How does a swap function work with references?

Question

I want to swap two variables with a function. I create two functions my_swap_f1 and my_swap_f2; my_swap_f2 works perfectly but my_swap_f1 throws 2 errors (commented out below).

#include<iostream>
using namespace std;
int my_swap_f1(int &a,int &b){

    int *temp;
    temp=&a;
    //&a=&b;   //throw error
    //&b=temp;    //throw error
}

int my_swap_f2(int *a,int *b){
    //works perfectly
    int temp;
    temp=*a;
    *a=*b;
    *b=temp;
}

int main(){
    int a=10;
    int b=20;
    int temp=0;
    cout<<"Before Swap"<<endl;
    cout<<a<<endl;
    cout<<b<<endl;

    my_swap_f1(a,b); //send value as perameter
    //my_swap_f2(&a,&b); //send address as perameter
    cout<<"After Swap"<<endl;
    cout<<a<<endl;
    cout<<b<<endl;
}

Question: Why are errors thrown in my_swap_f1 and what should I do if I want to swap with my_swap_f1?

Answer 1

One of the main reasons to implement swap with references instead of pointers is to avoid all that * and & in the code:

int my_swap_f1(int &a,int &b){
    int temp;
    temp = a;
    a = b;             // a/b refer to the parameters that were passed
    b = temp;          // modifying a reference is the same as modifiying the original
}

That line:

&a = &b;

cannot work, because &a (the address of a) is a rvalue. A rvalue is, sloppy speaking, something that you cannot assign to, it can only appear on the right side of an assignment. If it worked it would mean something like: "Take the address of a and set it to the address of b", but of course you cannot change the address of an object like that.

Answer 2

The difference between my_swap_f1 and my_swap_f2 is that my_swap_f2 declares its arguments to be pointer types, while my_swap_f1 declares its arguments to be reference types. References work differently from pointers in C++, and you are attempting to use references incorrectly in my_swap_f1.

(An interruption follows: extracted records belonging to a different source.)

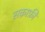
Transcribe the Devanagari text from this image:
सक़ाफ़ी
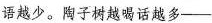
语越少。陶子树越喝话越多——
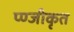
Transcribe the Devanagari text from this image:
प्ण्जीकृत
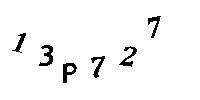
13P727
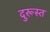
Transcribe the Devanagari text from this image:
दुरूस्‍त
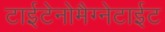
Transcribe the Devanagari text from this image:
टाईटेनोमैग्नेटाईट
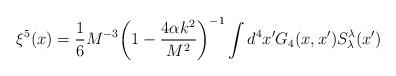
LaTeX: \begin{align*}\xi^5(x)=\frac{1}{6}M^{-3}\bigg(1-\frac{4\alpha k^2}{M^2}\bigg)^{-1}\int d^4 x^\prime G_4(x,x^\prime)S_\lambda^\lambda (x^\prime)\end{align*}
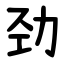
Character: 劲
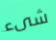
شىء
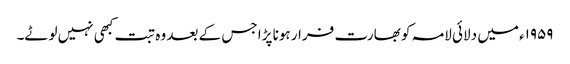
۱۹۵۹ء میں دلائی لامہ کو بھارت فرار ہونا پڑا جس کے بعد وہ تبت کبھی نہیں لوٹے۔
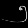
Digit: ၅
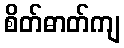
စိတ်ဓာတ်ကျ
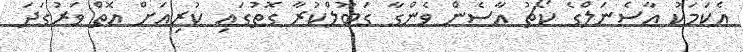
އެކަމަކު އާސެނަލްގެ ކޯޗު އާސެން ވެންގާ ގަބޫލްކުރާ ގޮތުގައި ކުރިއަށް އޮތް ވަރުގަދަ
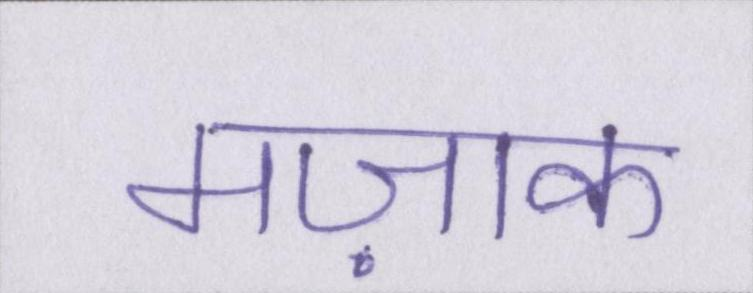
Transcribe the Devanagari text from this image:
मज़ाक
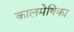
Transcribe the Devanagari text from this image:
कालमेषिका
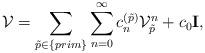
LaTeX: \begin{align*}{\cal V}=\sum_{\tilde p\in\{prim\}}\sum_{n=0}^{\infty}c_n^{(\tilde p)}{\cal V}_{\tilde p}^n + c_0{{\bf I}}, \end{align*}
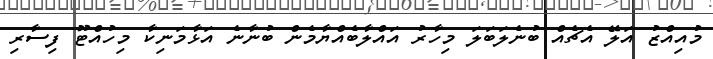
މުއިއްޒު އަލޭ އެޗެއް ބުނެލަބަލަ މިހާރު އައްލާބެއްޔާމެން ބުނާނެ އަޅާމަނިކާ މިހުއްޓޫ ފިސާރި
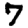
Digit: 7
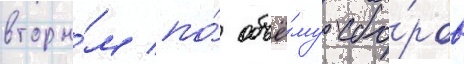
вторы́м по́ объё́му сбо́ров

In C++ a reference type is an immutable pointer-like handle, which points to only one instance of the referred-to type and can never be reassigned. It is treated like a value of the referenced type in most expressions, meaning that you can access the referred-to instance "directly" without dereferencing anything. Thus, if you declare a reference variable int &a, the reference a points to exactly one int, and you can access that int's value by just writing a, such as in the assignment int temp = a (note that temp is just an int, not a reference). There's no need to write &a, and doing so will in fact take the address of the int that a refers to (giving you a pointer-to-int), because the "address of" operator (&) will be applied directly to the int value.

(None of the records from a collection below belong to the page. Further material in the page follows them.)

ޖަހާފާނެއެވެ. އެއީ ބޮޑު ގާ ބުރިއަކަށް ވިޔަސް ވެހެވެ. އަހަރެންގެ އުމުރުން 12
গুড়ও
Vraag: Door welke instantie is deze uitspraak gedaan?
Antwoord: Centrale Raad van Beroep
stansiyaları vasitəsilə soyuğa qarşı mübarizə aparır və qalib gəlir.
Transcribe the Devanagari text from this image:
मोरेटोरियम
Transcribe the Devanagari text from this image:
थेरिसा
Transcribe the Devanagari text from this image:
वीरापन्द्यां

This will make more sense if you write your parameter declarations with the "pointer modifier" next to the type name rather than the variable name:

//This function's parameters are two pointers
int my_swap_f2(int* a, int* b);

//This function's parameters are two references
int my_swap_f1(int& a, int& b);

Then, when implementing my_swap_f1, you can change the int value that a refers to by assigning to a directly, because a is a "reference to int." The correct version of your function would be:

void my_swap_f1(int& a, int& b) {
    int temp = a;
    a = b;
    b = temp;
}

Note that in line 3, the assignment overwrites the int that a refers to with the value of the int that b refers to. The references themselves cannot be changed, so there is no need to add any extra symbols (like &) to indicate the referred-to value rather than the reference itself. (Also, I changed the function return type to void, since your code does not actually return a value from the function, and it doesn't need to).